Invariant and Variable Supramolecular Self-Assembly in 6-Substituted Uracil Derivatives: Insights from X-ray Structures and Quantum Chemical Study

Abstract

In this study, three new 6-(arylthio)uracil derivatives, namely, 6-(phenylthio)pyrimidine-2,4(1H,3H)-dione (1), C10H8N2O2S; 6-(p-tolylthio)pyrimidine-2,4(1H,3H)-dione (2), C11H10N2O2S; and 6-(3,5-dimethylphenylthio)pyrimidine-2,4(1H,3H)-dione (3), C12H12N2O2S, have been synthesized. Single-crystal structures of these compounds reveal an invariant molecular tape contains alternate R22(8) synthons formed by N–H···O hydrogen bonds in 1 and 3. This alternate hydrogen-bonded pattern disappeared in 2; instead, a new synthon is generated. The lattice energy calculation suggests that the methyl-substituted derivatives (2 and 3) have high stabilization energy than compound 1. The electrostatic potential map reveals the difference in the accepting tendency of the carbonyl oxygen.
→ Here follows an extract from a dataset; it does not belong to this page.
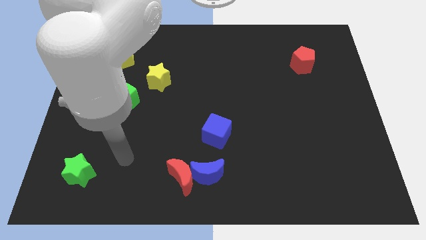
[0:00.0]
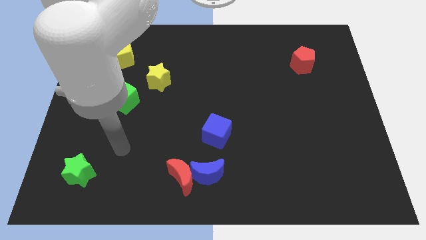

The Hirshfeld surface and 2D-fingerprint plots analyses demonstrate that the major intermolecular interactions come from H···O contacts in 1, and these contacts were reduced due to the presence of methyl substitutions in 2 and 3. This reduction is compensated by the increase of the same amount of H···H contacts in these structures. Further, the PIXEL energy and DFT calculations at the M06-2X-D3/cc-pVTZ level of theory were used to characterize the dimeric topology formed in structures of 1–3. The intermolecular interaction energies of dimers calculated by the PIXEL method were compared with the B97D3/def2-TZVP level of approximation. Although these molecules’ crystal packing is somewhat different, the energy frameworks show similarities on the respective crystal structure’s shortest axis. Furthermore, the nature and strength of various noncovalent interactions such as N–H···O, C–H···O/S/π, π···π, and a chalcogen bond of type C–S···O═C were evaluated using the Bader’s quantum theory of atoms-in-molecules framework.